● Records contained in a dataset

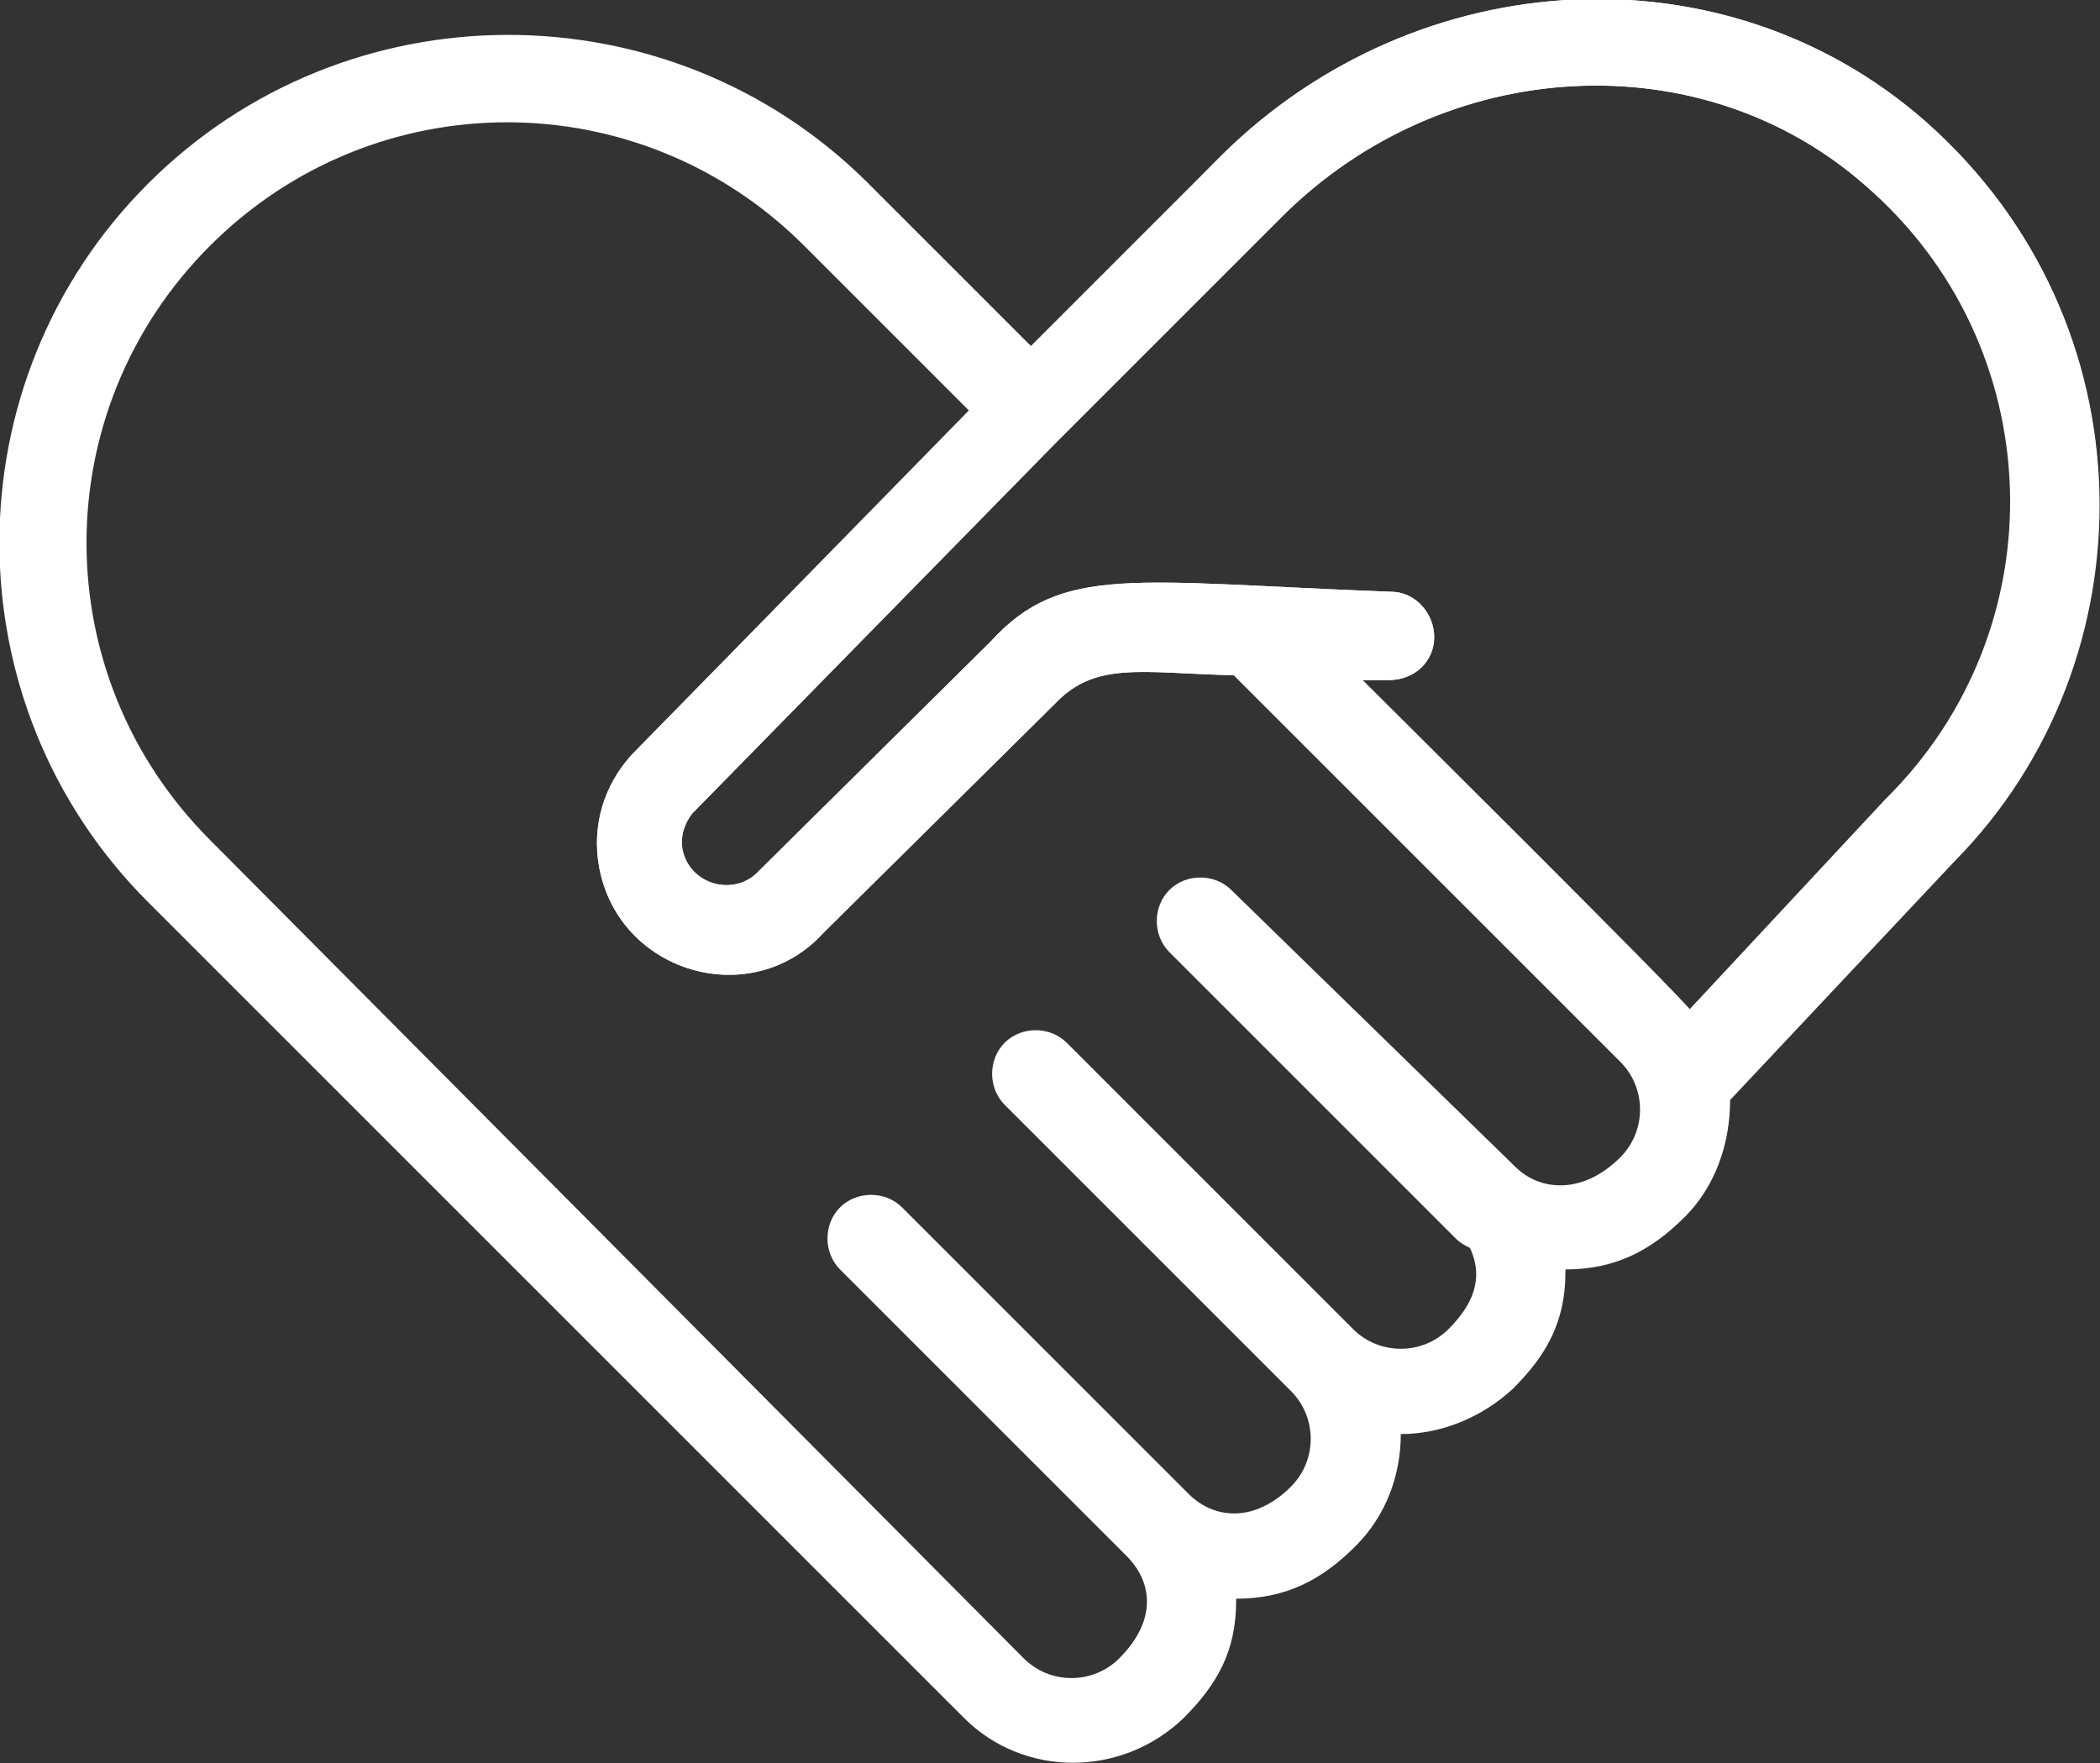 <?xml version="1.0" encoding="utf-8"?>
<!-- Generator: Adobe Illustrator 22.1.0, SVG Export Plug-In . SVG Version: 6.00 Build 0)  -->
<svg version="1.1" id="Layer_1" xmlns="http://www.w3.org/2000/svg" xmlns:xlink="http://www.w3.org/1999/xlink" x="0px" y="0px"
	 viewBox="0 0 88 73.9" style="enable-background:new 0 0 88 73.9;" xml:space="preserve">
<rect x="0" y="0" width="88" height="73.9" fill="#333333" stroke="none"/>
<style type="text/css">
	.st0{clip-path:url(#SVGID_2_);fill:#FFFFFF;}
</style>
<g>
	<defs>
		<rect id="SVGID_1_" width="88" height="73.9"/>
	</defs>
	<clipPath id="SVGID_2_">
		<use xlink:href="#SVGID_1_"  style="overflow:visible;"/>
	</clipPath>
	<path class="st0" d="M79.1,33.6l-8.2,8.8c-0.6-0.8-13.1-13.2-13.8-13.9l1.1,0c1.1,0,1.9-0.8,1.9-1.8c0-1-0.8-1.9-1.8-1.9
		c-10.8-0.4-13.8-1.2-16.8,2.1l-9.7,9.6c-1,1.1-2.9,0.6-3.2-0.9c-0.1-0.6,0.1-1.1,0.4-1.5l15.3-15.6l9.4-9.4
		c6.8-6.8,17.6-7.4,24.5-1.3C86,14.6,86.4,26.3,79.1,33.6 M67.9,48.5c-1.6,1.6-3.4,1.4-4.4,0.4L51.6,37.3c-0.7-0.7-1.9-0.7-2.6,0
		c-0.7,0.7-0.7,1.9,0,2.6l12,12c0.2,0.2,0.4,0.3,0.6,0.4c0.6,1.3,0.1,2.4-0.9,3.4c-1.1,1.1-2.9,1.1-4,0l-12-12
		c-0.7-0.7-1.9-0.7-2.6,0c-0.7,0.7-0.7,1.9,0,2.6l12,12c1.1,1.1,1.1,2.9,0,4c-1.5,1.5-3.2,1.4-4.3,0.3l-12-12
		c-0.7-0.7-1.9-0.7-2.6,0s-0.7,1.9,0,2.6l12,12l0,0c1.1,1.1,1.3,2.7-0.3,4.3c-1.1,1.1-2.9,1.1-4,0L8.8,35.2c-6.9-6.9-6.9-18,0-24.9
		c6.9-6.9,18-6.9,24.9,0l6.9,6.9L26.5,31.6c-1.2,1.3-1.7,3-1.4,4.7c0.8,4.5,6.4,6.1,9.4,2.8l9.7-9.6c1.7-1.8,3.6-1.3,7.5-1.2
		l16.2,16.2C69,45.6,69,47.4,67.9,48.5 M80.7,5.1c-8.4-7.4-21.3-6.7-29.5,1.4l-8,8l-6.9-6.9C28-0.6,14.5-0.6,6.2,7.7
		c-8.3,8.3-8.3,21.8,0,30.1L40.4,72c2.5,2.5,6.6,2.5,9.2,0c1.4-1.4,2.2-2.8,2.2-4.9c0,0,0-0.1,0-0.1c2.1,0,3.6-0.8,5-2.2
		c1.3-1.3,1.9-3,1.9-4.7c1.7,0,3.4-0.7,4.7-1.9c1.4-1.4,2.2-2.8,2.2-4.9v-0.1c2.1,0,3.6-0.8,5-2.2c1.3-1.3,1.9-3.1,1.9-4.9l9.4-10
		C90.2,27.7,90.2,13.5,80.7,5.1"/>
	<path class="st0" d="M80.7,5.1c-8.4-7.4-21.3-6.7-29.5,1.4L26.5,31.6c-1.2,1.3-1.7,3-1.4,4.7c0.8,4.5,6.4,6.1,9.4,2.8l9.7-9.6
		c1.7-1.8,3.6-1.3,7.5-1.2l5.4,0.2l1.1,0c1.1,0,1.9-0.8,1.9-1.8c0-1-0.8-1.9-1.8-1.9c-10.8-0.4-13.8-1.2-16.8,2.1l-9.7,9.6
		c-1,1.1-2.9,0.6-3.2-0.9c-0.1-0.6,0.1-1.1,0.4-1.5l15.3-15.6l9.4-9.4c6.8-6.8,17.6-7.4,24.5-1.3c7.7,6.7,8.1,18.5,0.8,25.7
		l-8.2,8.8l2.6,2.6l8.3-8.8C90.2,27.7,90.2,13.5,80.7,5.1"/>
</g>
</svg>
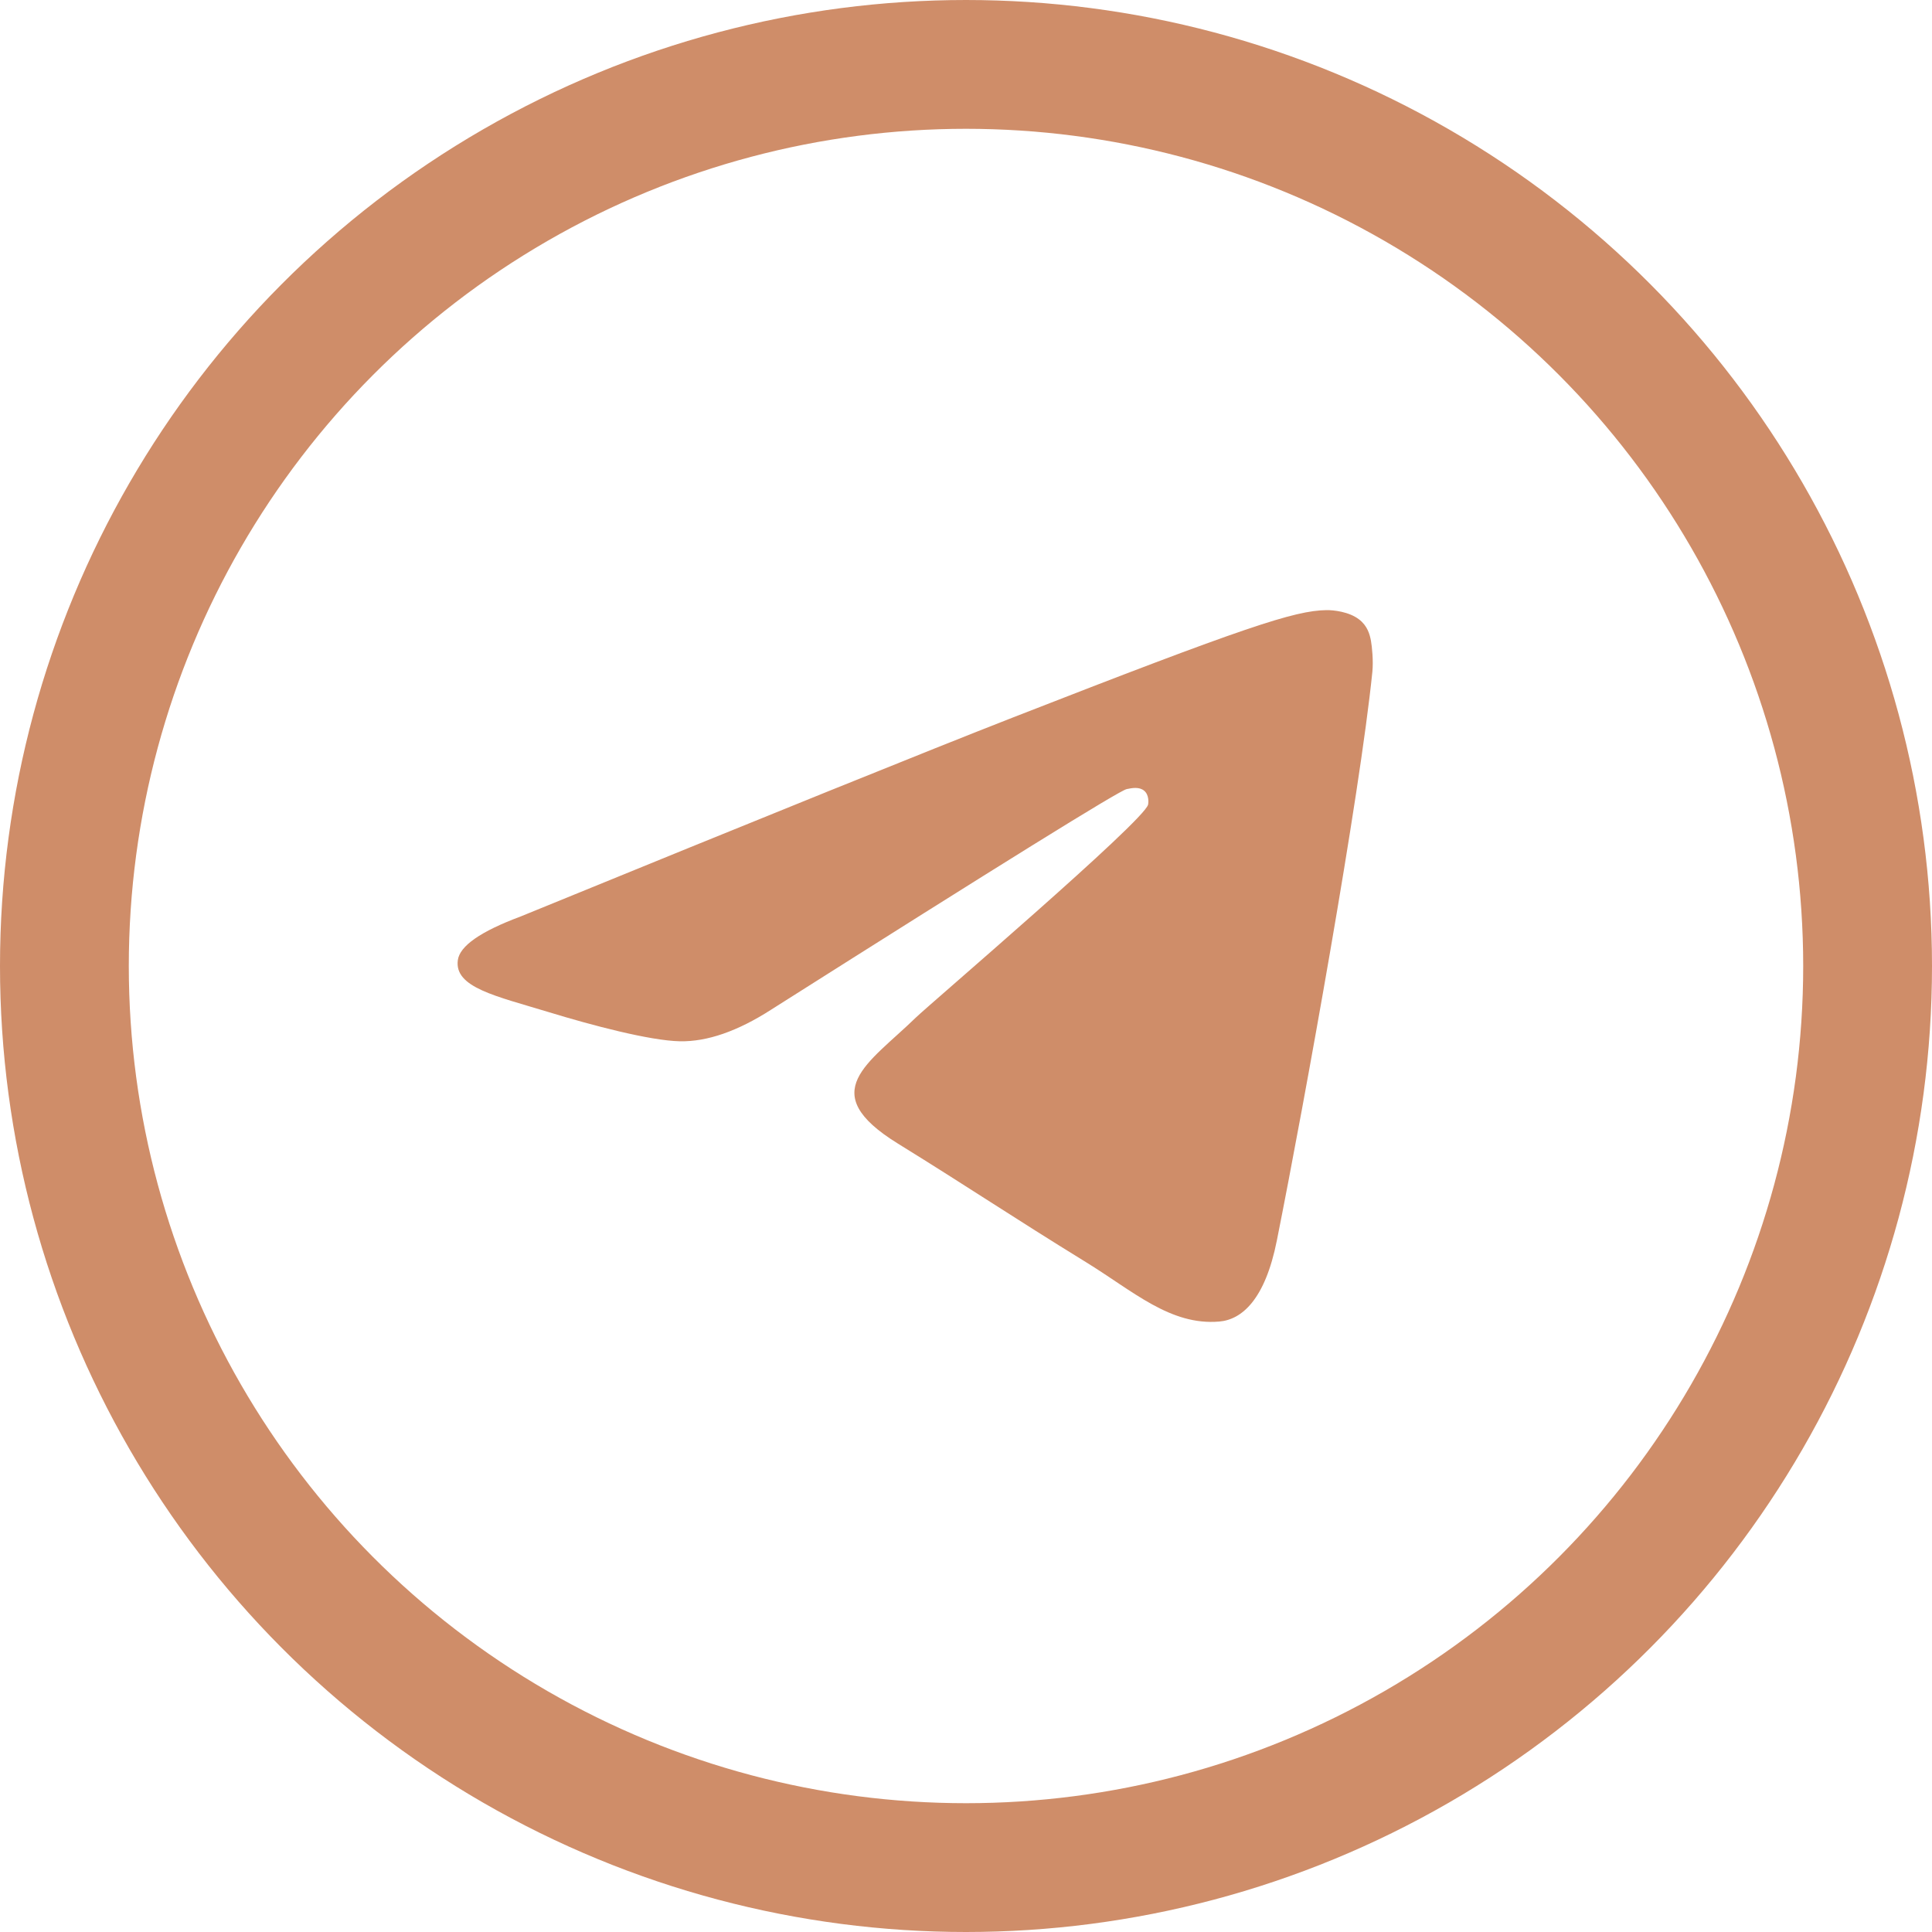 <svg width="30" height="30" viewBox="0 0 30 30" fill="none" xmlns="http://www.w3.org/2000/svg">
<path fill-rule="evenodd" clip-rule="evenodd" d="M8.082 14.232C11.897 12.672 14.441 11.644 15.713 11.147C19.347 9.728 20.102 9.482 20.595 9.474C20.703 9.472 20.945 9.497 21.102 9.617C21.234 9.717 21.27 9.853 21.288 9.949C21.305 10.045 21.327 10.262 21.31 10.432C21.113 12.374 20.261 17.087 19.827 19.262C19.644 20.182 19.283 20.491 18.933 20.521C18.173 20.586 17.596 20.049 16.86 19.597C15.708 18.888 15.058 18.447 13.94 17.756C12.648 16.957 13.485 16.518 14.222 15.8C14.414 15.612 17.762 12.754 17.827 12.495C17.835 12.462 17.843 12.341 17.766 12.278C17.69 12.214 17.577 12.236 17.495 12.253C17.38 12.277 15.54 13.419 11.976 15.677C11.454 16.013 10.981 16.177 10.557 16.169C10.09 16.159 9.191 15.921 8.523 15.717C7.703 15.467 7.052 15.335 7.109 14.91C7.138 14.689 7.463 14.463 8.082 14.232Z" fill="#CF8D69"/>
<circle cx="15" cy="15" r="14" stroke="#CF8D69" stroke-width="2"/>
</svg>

● WHAT NEEDS TO BE DONE
Copy every line from the entries that contains the word "class".

● FINISHED TASK
	<path class="st0" d="M79.1,33.6l-8.2,8.8c-0.6-0.8-13.1-13.2-13.8-13.9l1.1,0c1.1,0,1.9-0.8,1.9-1.8c0-1-0.8-1.9-1.8-1.9
	<path class="st0" d="M80.7,5.1c-8.4-7.4-21.3-6.7-29.5,1.4L26.5,31.6c-1.2,1.3-1.7,3-1.4,4.7c0.8,4.5,6.4,6.1,9.4,2.8l9.7-9.6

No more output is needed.